To: Atri Sharma ; java-user@lucene.apache.org 
; a.benede...@sease.io ; 
Baris Kazar 
Subject: Re: Potential bug

Dear Folks,-
 i have a lot of experience in performance tuning and parallel processing: 17+7 
years. So, when you say "you dont know what you ask for", that does not sound 
good at all besides i was clear on that.

Alessandro, i appreciate the apology and i would like to apologize if i hurt 
feelings and i never mean to hurt anybody's feelings and i still think i was 
not aggressive but i need to re-explain
what was wrong with the email:

I was not trying to be aggressive with my responses.
I write in this forum for a long time and never received an email like Yours.

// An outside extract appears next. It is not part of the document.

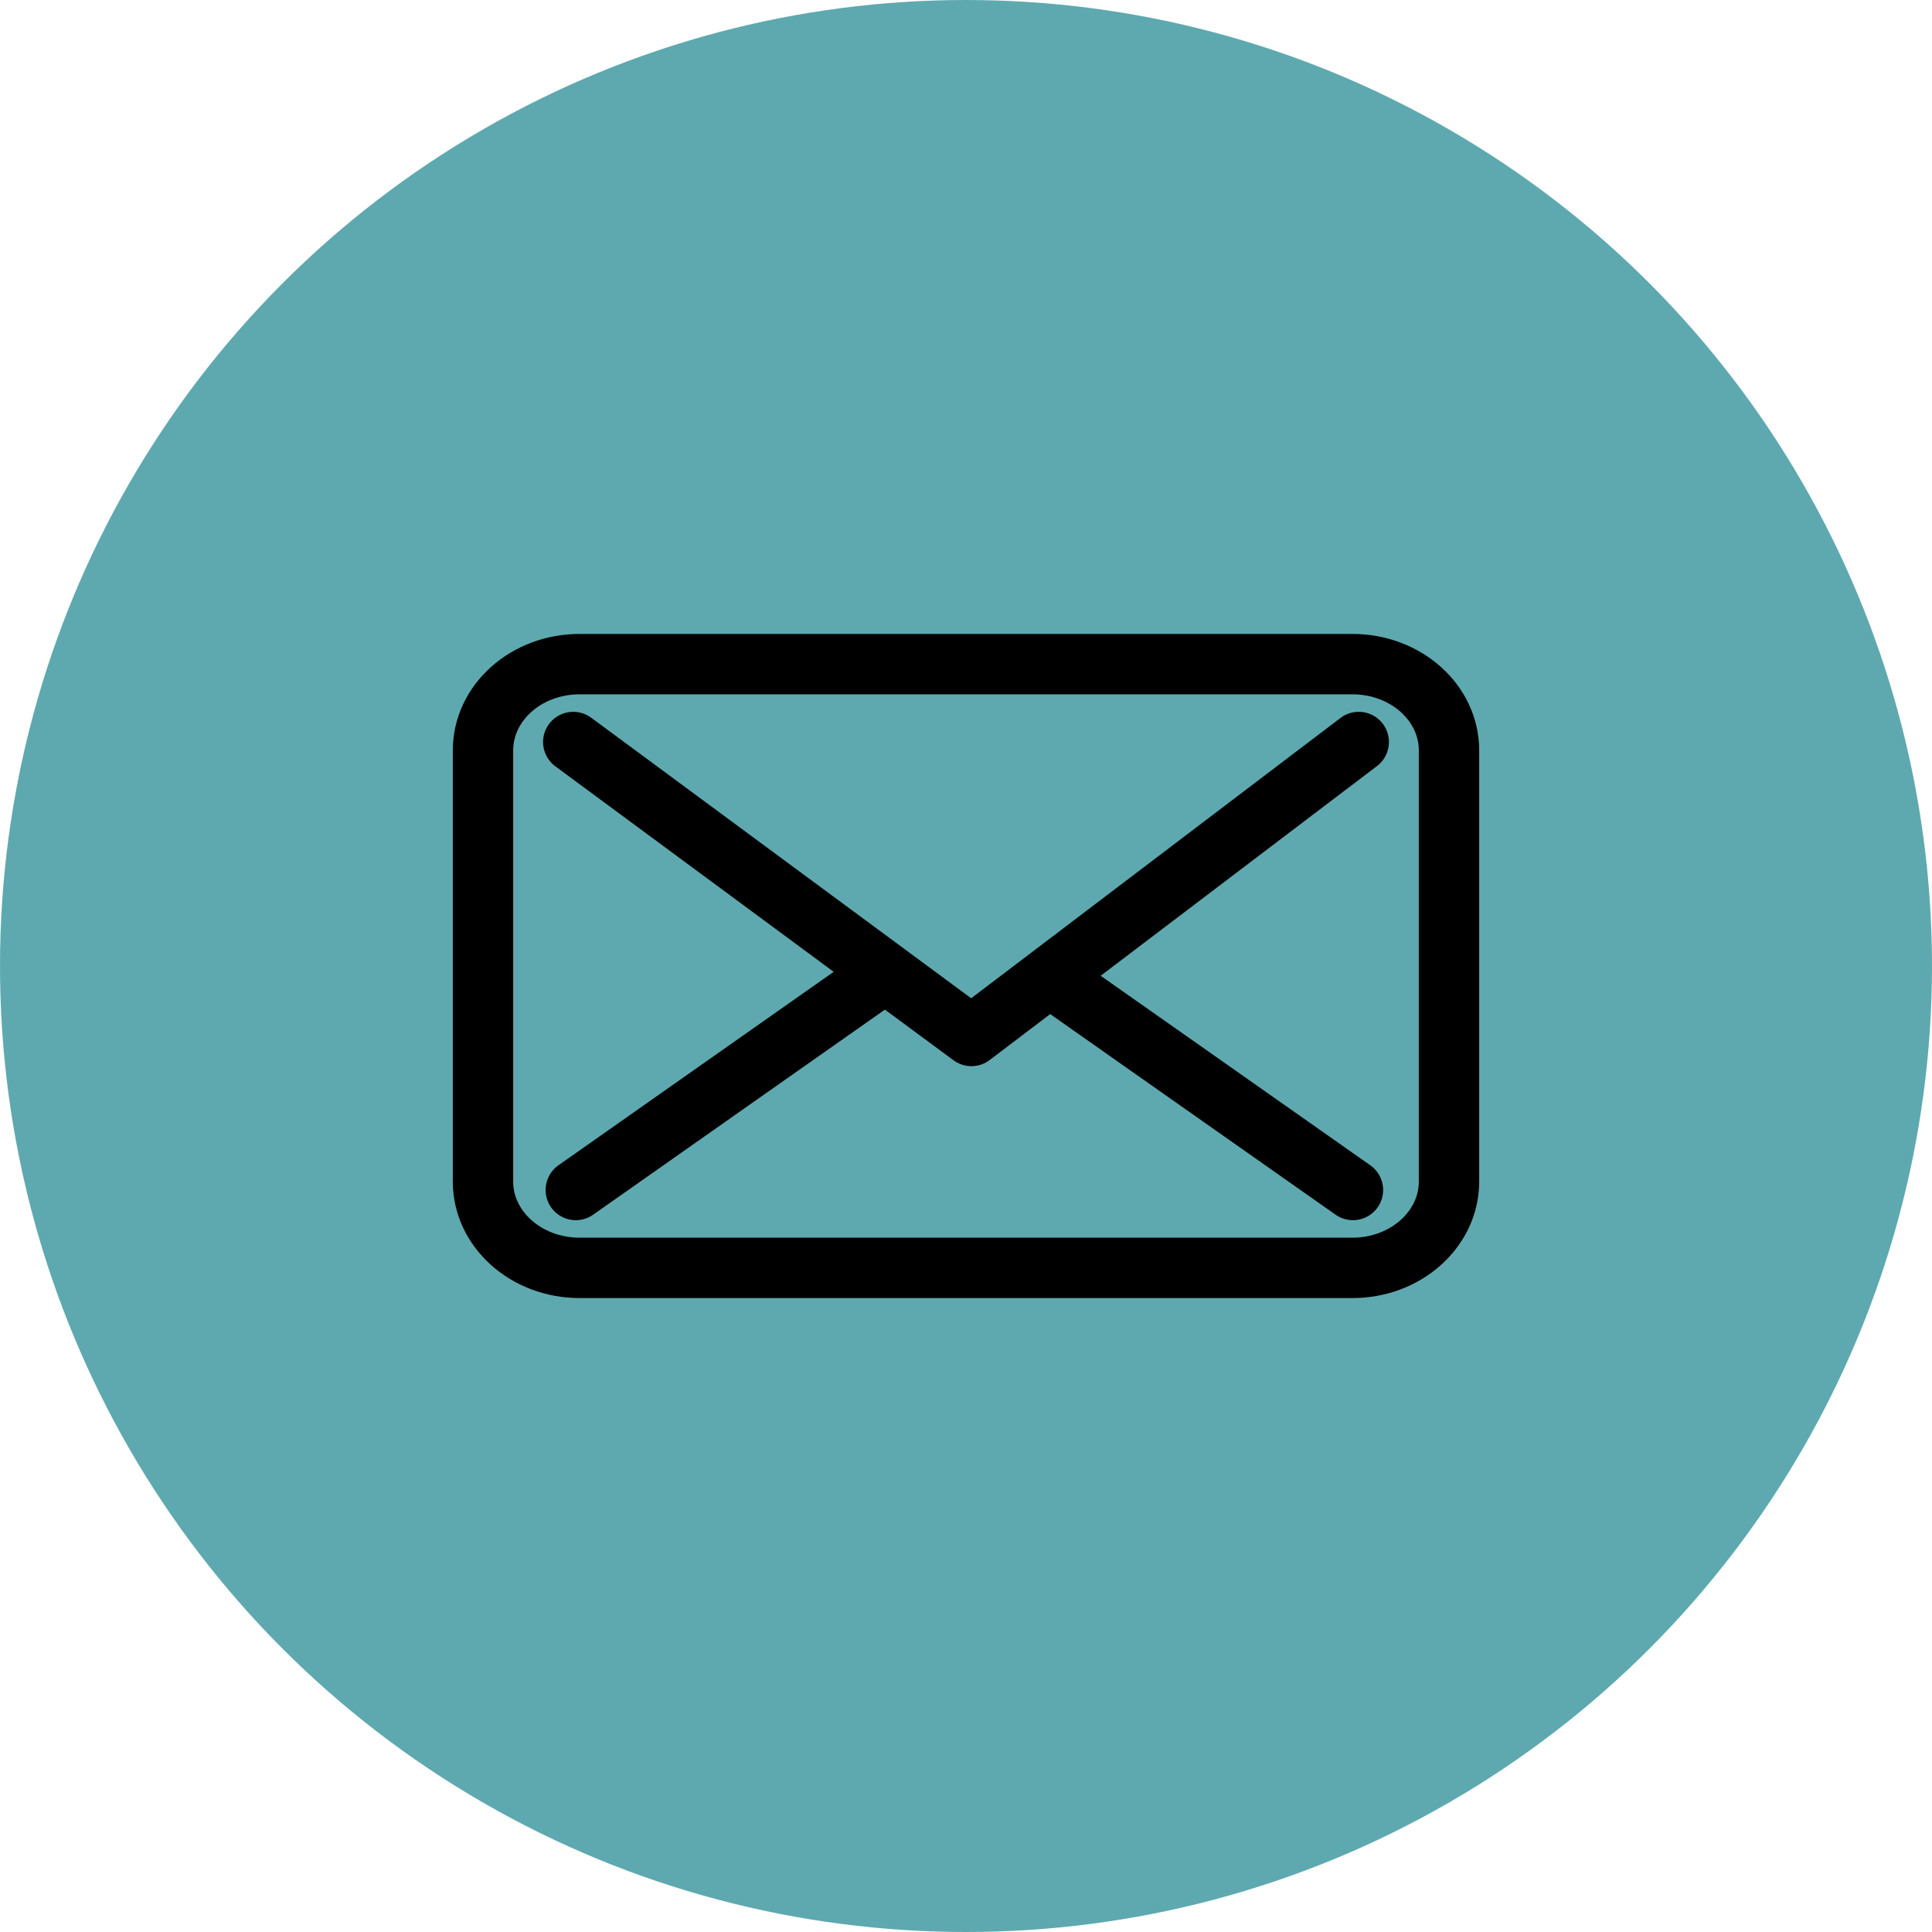 <svg xmlns="http://www.w3.org/2000/svg" width="32" height="32" viewBox="0 0 32 32" fill="none"><circle cx="16" cy="16" r="16" fill="#5EA9AF"></circle><path d="M9.495 12.29L16.09 17.159L22.505 12.29M9.537 19.71L14.512 16.213M22.409 19.71L17.434 16.213M8 19.571V12.429C8 11.639 8.716 11 9.6 11H22.4C23.284 11 24 11.639 24 12.429V19.571C24 20.36 23.284 21 22.4 21H9.6C8.716 21 8 20.36 8 19.571Z" stroke="black" stroke-linecap="round" stroke-linejoin="round"></path></svg>

I revised your email for this list. Because with my expertise, i dont think i 
should get a comment like the X Y problem example.

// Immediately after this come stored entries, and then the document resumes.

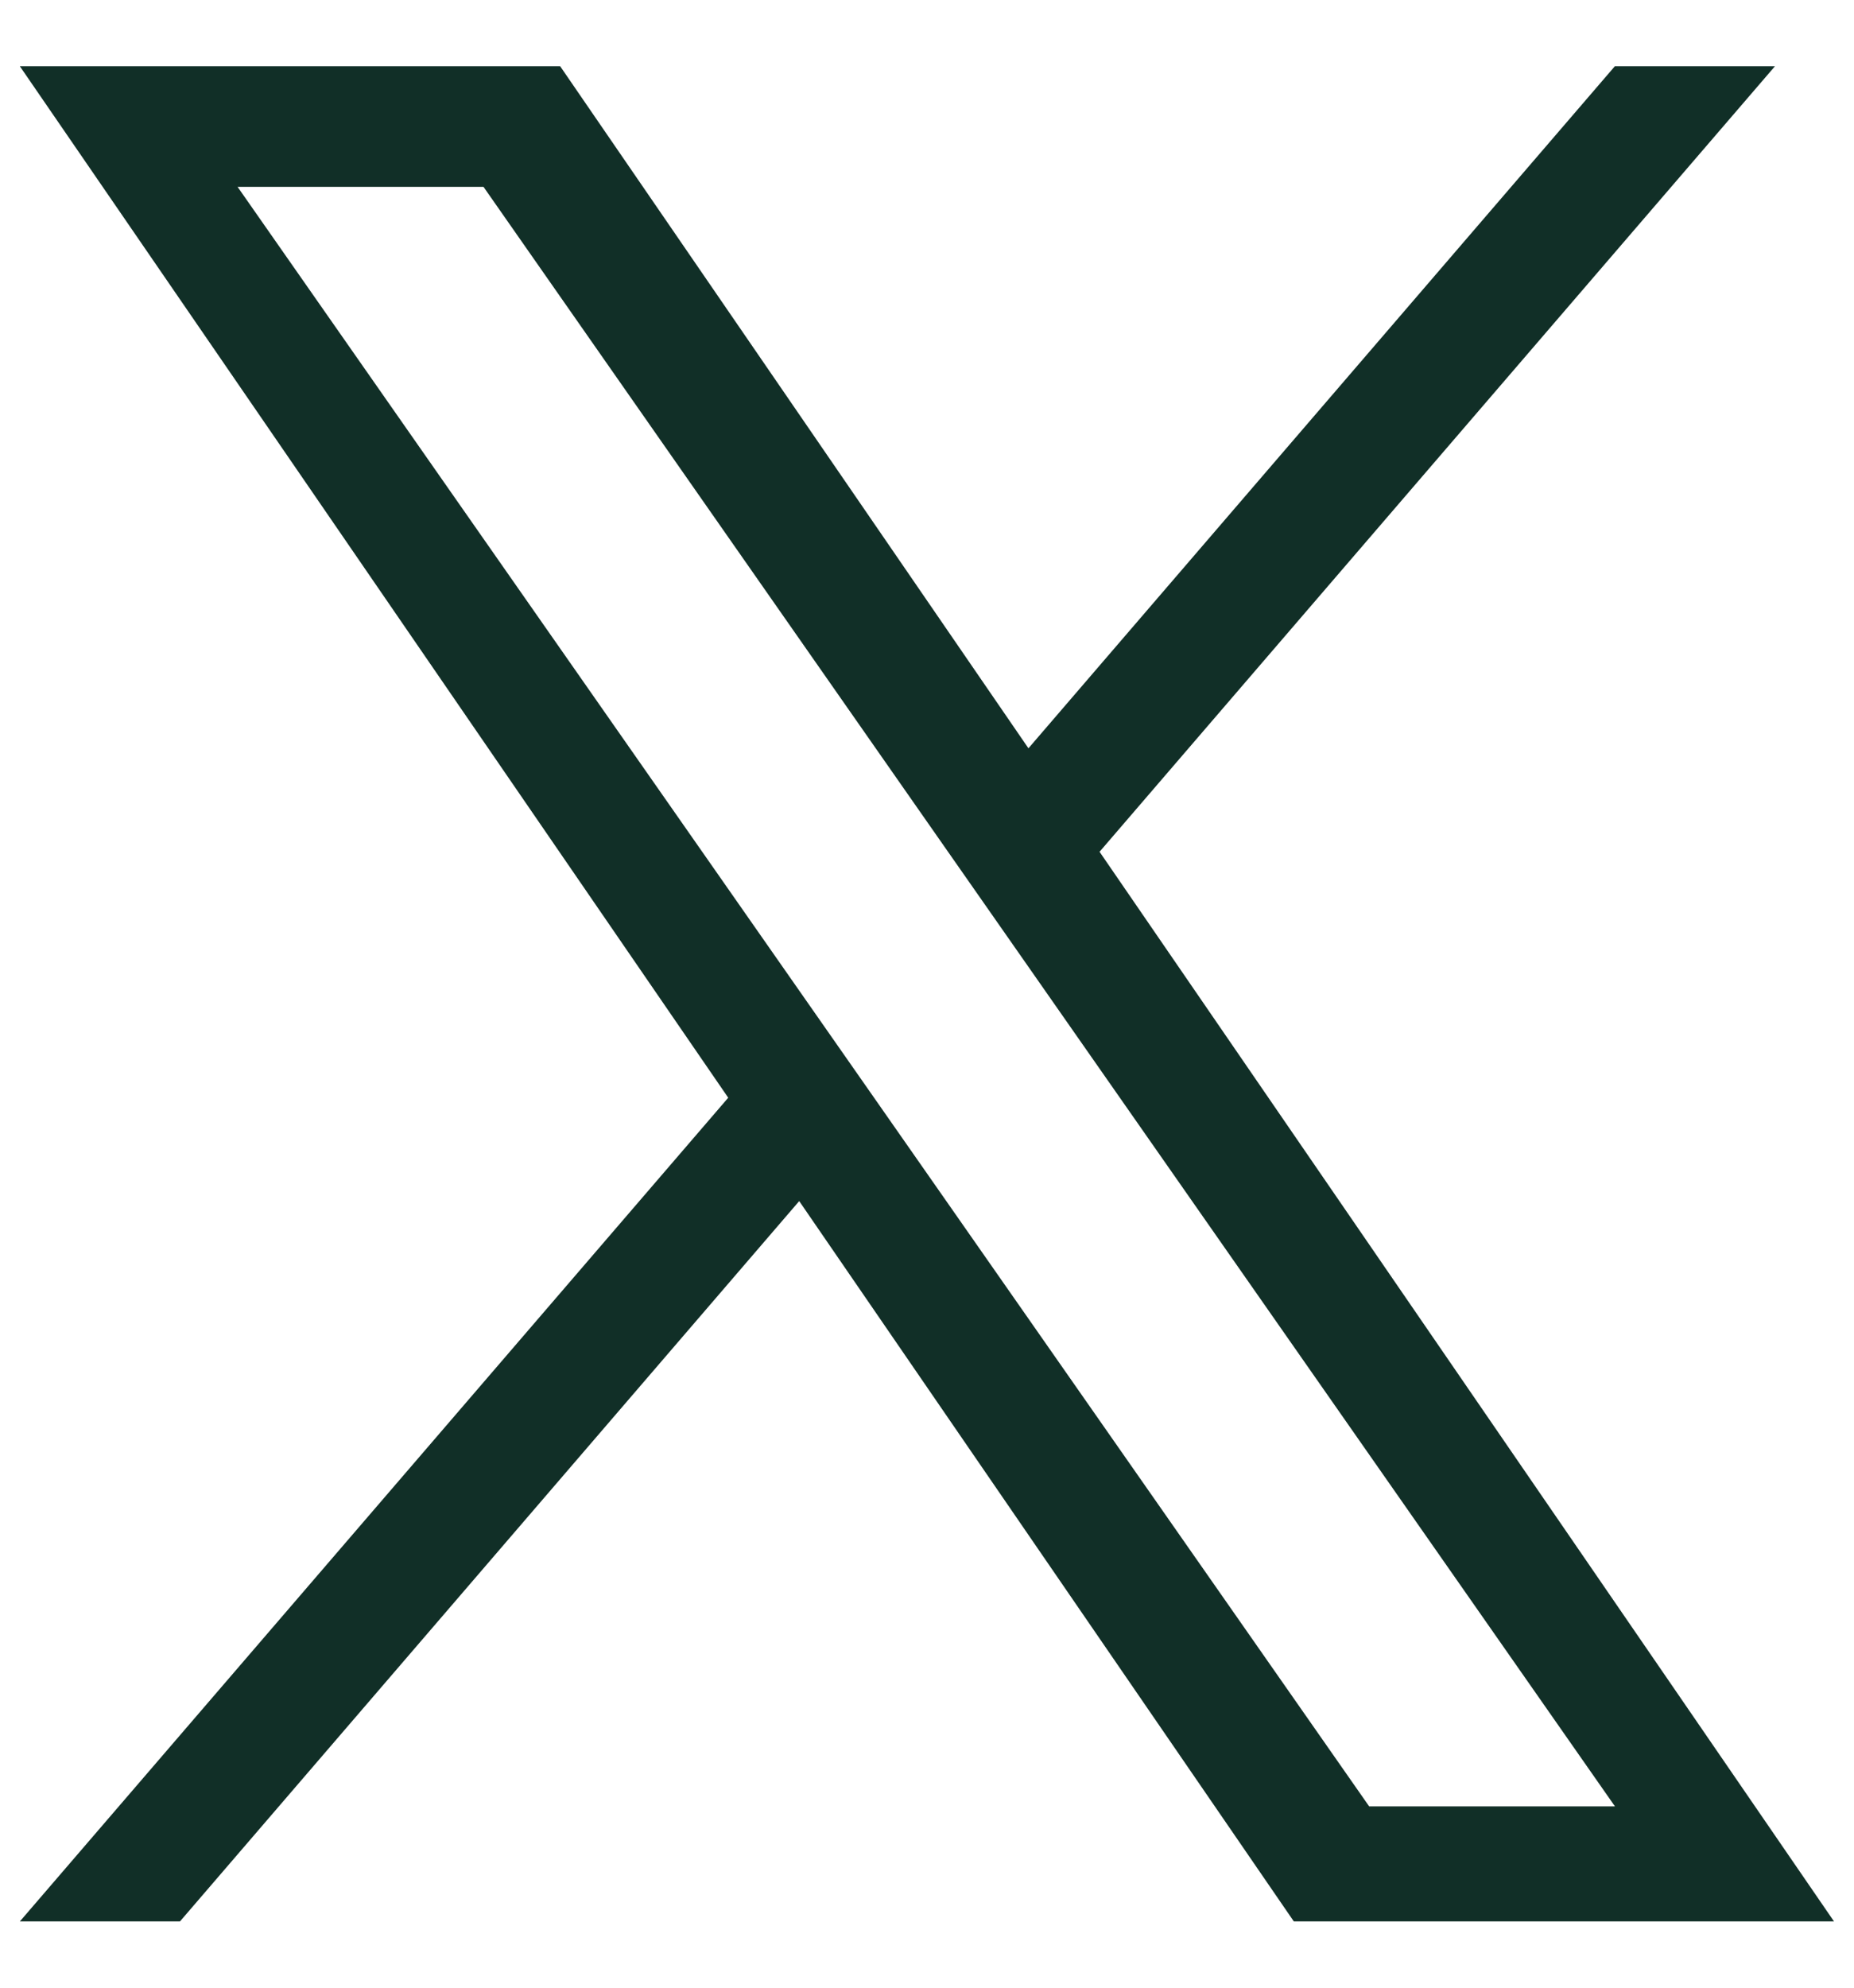 <svg width="14" height="15" viewBox="0 0 14 15" fill="none" xmlns="http://www.w3.org/2000/svg">
<g clip-path="url(#clip0_41_2053)">
<path d="M8.303 6.428L13.403 0.5H12.194L7.766 5.647L4.23 0.5H0.15L5.499 8.284L0.15 14.5H1.359L6.035 9.064L9.77 14.5H13.849L8.303 6.428H8.303ZM6.648 8.352L6.106 7.577L1.794 1.41H3.651L7.13 6.387L7.672 7.162L12.195 13.632H10.339L6.648 8.352V8.352Z" fill="#112F27"/>
</g>
<defs>
<clipPath id="clip0_41_2053">
<rect width="14" height="14" fill="white" transform="translate(0 0.5)"/>
</clipPath>
</defs>
</svg>

Moreover code can have bugs and raising is not a good word choice here. I am 
not here to find problems with Lucene and we are all here to use and make 
Lucene better.

And i appreciate the work committers as volunteers are doing and there is no 
doubt there. Lucene 8.y.z is much better with your work. Kudos to that success.

We need to keep the tone neutral is what i am looking for here. Yes, respect is 
fundemantal,
that is what i have been telling here in my last emails.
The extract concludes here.